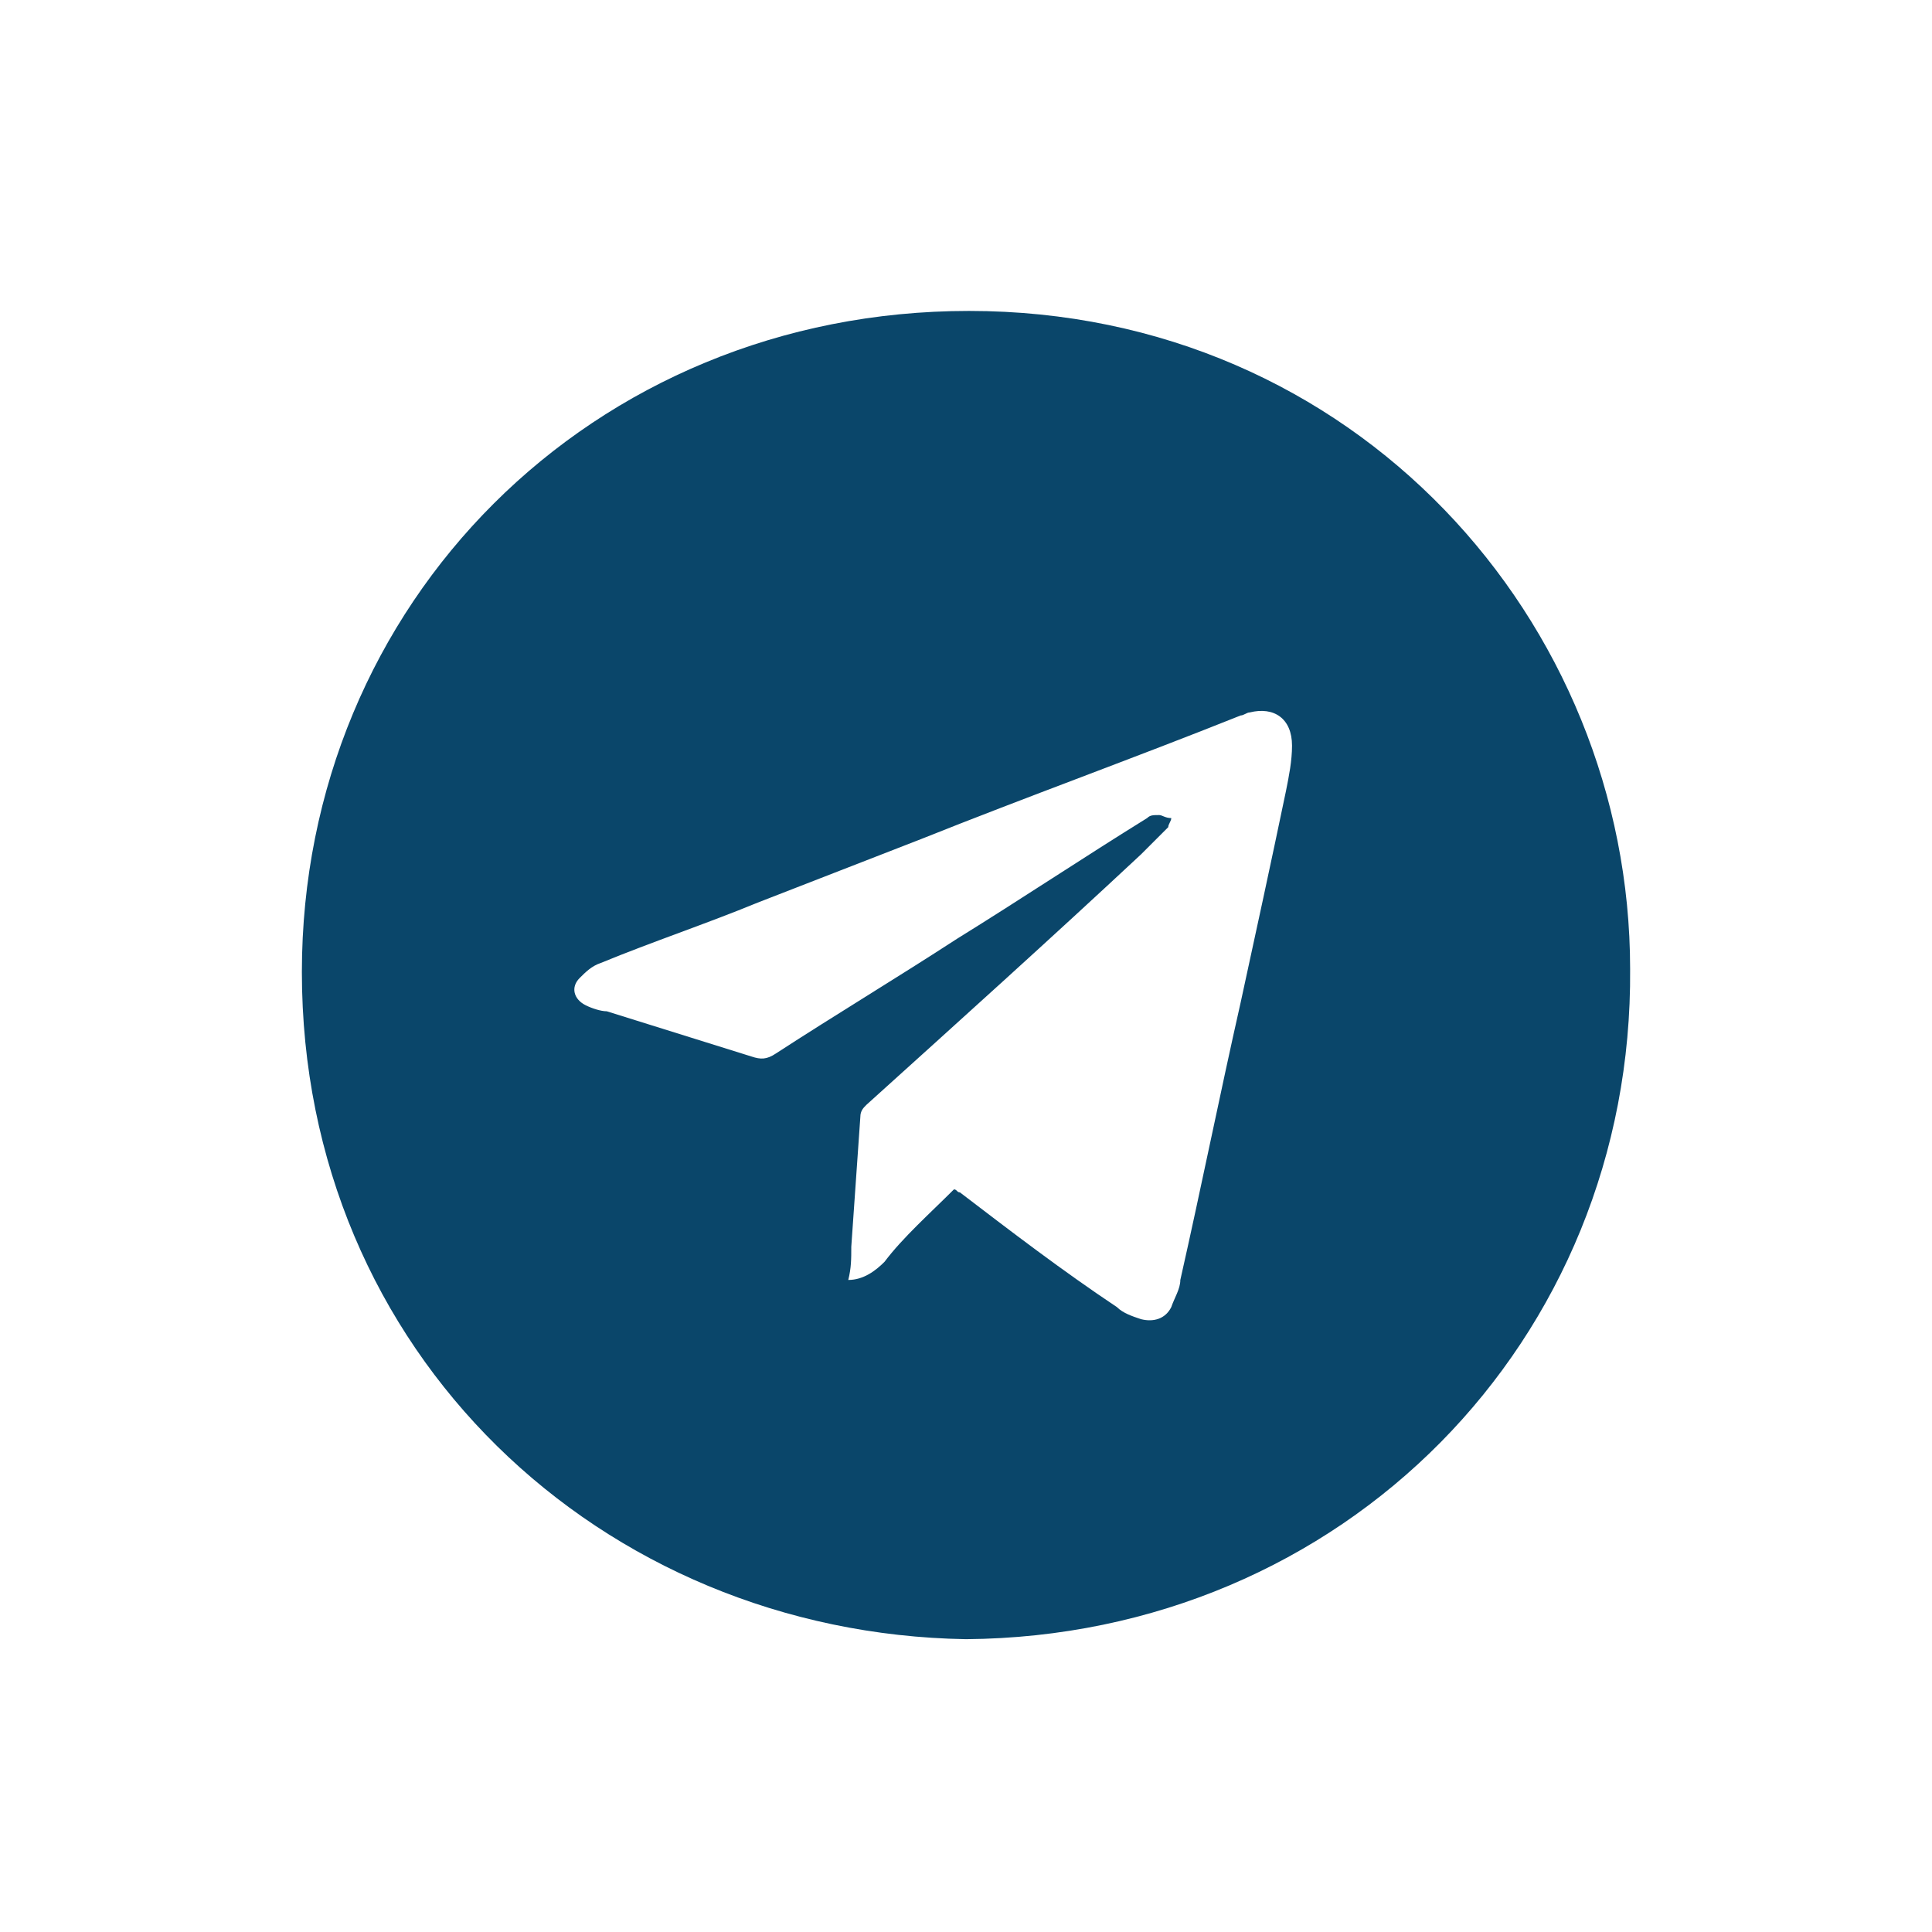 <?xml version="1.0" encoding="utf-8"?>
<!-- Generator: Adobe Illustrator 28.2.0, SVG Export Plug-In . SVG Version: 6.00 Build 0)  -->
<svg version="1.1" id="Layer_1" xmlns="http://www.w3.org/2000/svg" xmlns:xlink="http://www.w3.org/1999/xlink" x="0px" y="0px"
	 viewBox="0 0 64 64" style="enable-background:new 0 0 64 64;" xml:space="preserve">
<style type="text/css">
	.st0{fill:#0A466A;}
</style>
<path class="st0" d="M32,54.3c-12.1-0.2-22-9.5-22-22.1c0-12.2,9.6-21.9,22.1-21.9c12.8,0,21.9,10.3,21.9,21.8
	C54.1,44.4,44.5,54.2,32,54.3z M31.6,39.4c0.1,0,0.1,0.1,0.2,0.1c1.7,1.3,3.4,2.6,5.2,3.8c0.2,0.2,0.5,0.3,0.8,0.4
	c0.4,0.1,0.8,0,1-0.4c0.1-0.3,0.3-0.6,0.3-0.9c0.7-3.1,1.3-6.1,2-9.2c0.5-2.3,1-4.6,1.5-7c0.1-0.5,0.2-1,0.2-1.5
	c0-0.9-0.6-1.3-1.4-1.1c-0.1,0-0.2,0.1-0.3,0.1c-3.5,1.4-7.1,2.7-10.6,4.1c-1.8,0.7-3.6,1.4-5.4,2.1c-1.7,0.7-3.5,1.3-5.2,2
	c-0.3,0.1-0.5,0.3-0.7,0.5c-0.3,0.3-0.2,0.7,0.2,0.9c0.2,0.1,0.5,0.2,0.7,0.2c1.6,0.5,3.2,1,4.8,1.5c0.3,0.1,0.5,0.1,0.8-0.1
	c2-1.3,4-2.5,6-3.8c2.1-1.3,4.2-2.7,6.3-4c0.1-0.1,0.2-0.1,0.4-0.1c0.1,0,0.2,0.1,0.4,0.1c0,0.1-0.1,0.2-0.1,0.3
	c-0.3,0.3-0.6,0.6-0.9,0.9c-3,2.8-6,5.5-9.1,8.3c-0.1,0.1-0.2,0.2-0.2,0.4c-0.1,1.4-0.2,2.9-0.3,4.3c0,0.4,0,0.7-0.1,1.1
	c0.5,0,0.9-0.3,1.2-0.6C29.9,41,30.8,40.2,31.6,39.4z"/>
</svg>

= WHAT THIS TASK INVOLVES =
Images in the records must not be repeated; everything else should be returned exactly.

= RESPONSE =
 <?xml version="1.0" encoding="utf-8"?>
<!-- Generator: Adobe Illustrator 28.2.0, SVG Export Plug-In . SVG Version: 6.00 Build 0)  -->
<svg version="1.1" id="Layer_1" xmlns="http://www.w3.org/2000/svg" xmlns:xlink="http://www.w3.org/1999/xlink" x="0px" y="0px"
	 viewBox="0 0 64 64" style="enable-background:new 0 0 64 64;" xml:space="preserve">
<style type="text/css">
	.st0{fill:#0A466A;}
</style>
<path class="st0" d="M32,54.3c-12.1-0.2-22-9.5-22-22.1c0-12.2,9.6-21.9,22.1-21.9c12.8,0,21.9,10.3,21.9,21.8
	C54.1,44.4,44.5,54.2,32,54.3z M31.6,39.4c0.1,0,0.1,0.1,0.2,0.1c1.7,1.3,3.4,2.6,5.2,3.8c0.2,0.2,0.5,0.3,0.8,0.4
	c0.4,0.1,0.8,0,1-0.4c0.1-0.3,0.3-0.6,0.3-0.9c0.7-3.1,1.3-6.1,2-9.2c0.5-2.3,1-4.6,1.5-7c0.1-0.5,0.2-1,0.2-1.5
	c0-0.9-0.6-1.3-1.4-1.1c-0.1,0-0.2,0.1-0.3,0.1c-3.5,1.4-7.1,2.7-10.6,4.1c-1.8,0.7-3.6,1.4-5.4,2.1c-1.7,0.7-3.5,1.3-5.2,2
	c-0.3,0.1-0.5,0.3-0.7,0.5c-0.3,0.3-0.2,0.7,0.2,0.9c0.2,0.1,0.5,0.2,0.7,0.2c1.6,0.5,3.2,1,4.8,1.5c0.3,0.1,0.5,0.1,0.8-0.1
	c2-1.3,4-2.5,6-3.8c2.1-1.3,4.2-2.7,6.3-4c0.1-0.1,0.2-0.1,0.4-0.1c0.1,0,0.2,0.1,0.4,0.1c0,0.1-0.1,0.2-0.1,0.3
	c-0.3,0.3-0.6,0.6-0.9,0.9c-3,2.8-6,5.5-9.1,8.3c-0.1,0.1-0.2,0.2-0.2,0.4c-0.1,1.4-0.2,2.9-0.3,4.3c0,0.4,0,0.7-0.1,1.1
	c0.5,0,0.9-0.3,1.2-0.6C29.9,41,30.8,40.2,31.6,39.4z"/>
</svg>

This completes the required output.